**PROMPT**:
Repeat exactly the lines from the one containing "The camera pans. The" through the last line of the records below, both included, and nothing else.
----- EXCERPTED DATA -----
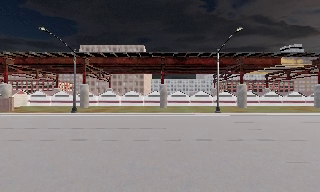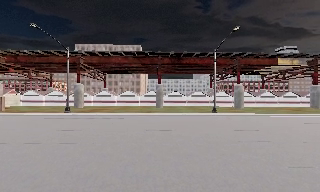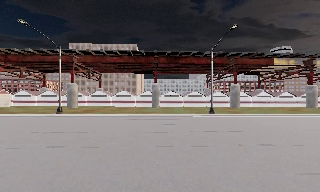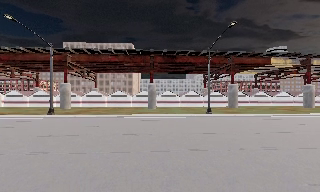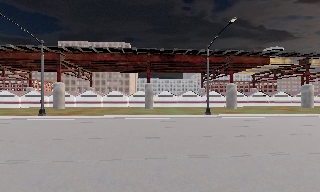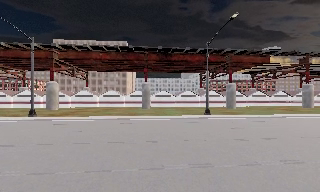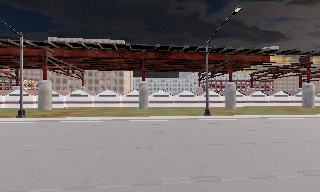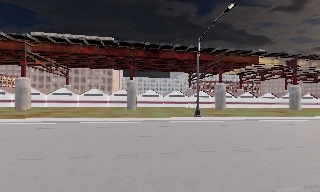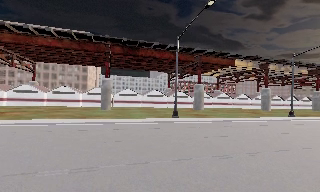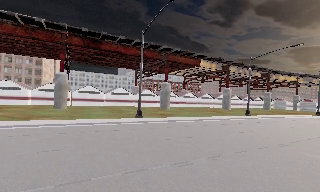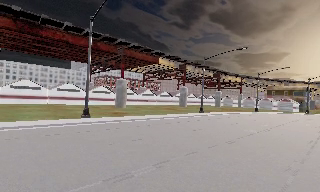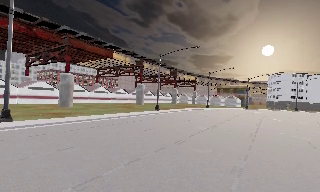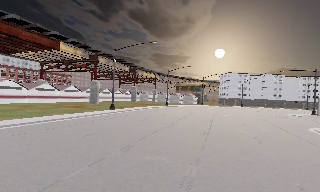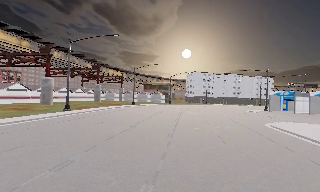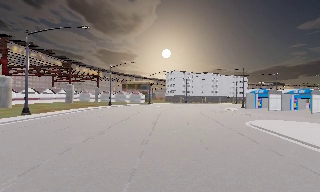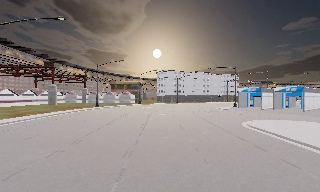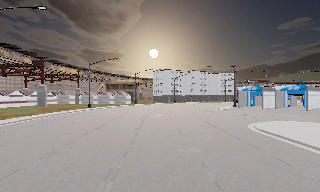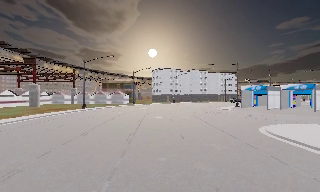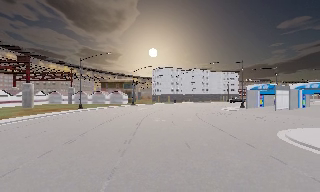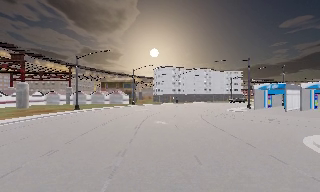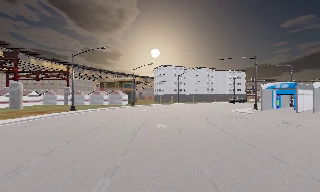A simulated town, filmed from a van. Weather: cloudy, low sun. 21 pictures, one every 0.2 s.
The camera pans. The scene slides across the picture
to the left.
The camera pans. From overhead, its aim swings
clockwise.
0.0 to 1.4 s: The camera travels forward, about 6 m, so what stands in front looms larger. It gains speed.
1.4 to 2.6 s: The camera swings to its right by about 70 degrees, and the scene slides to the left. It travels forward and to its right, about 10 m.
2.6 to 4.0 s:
-----
**PROBLEM SOLUTION**:
The camera pans. The scene slides across the picture
to the left.
The camera pans. From overhead, its aim swings
clockwise.
0.0 to 1.4 s: The camera travels forward, about 6 m, so what stands in front looms larger. It gains speed.
1.4 to 2.6 s: The camera swings to its right by about 70 degrees, and the scene slides to the left. It travels forward and to its right, about 10 m.
2.6 to 4.0 s:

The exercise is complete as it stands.